_RECORDS SUPPLIED_
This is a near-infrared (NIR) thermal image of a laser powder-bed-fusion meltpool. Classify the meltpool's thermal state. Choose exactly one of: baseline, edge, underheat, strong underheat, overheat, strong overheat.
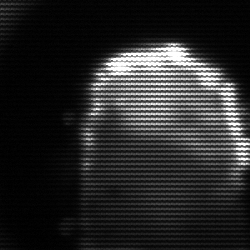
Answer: baseline
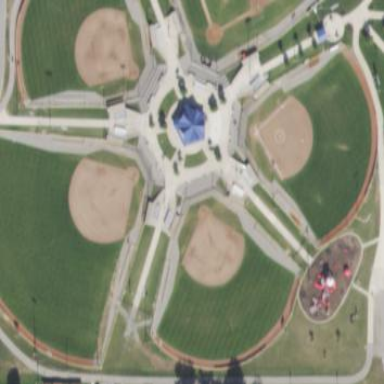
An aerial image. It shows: Baseball pitch for leisure land activities.
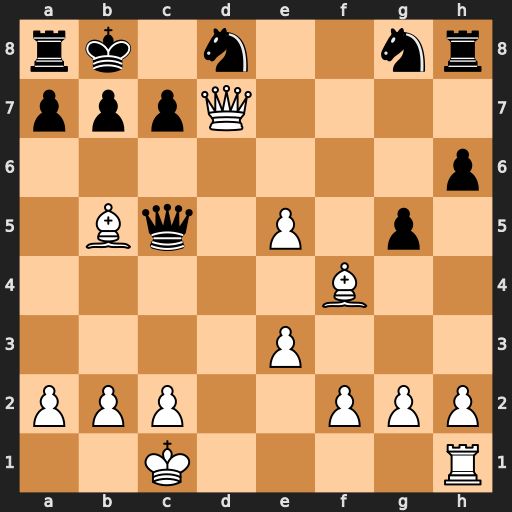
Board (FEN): rk1n2nr/pppQ4/7p/1Bq1P1p1/5B2/4P3/PPP2PPP/2K4R
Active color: w
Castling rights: -
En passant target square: -
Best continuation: Qxd8#

_ACTION ITEM_
Write out each line of the data above exactly, starting at the top and finishing with the line containing "An aerial image."; omit the pictures.

_RESULT FOR THIS TASK_
This is a near-infrared (NIR) thermal image of a laser powder-bed-fusion meltpool. Classify the meltpool's thermal state. Choose exactly one of: baseline, edge, underheat, strong underheat, overheat, strong overheat.
Answer: baseline
An aerial image. It shows: Baseball pitch for leisure land activities.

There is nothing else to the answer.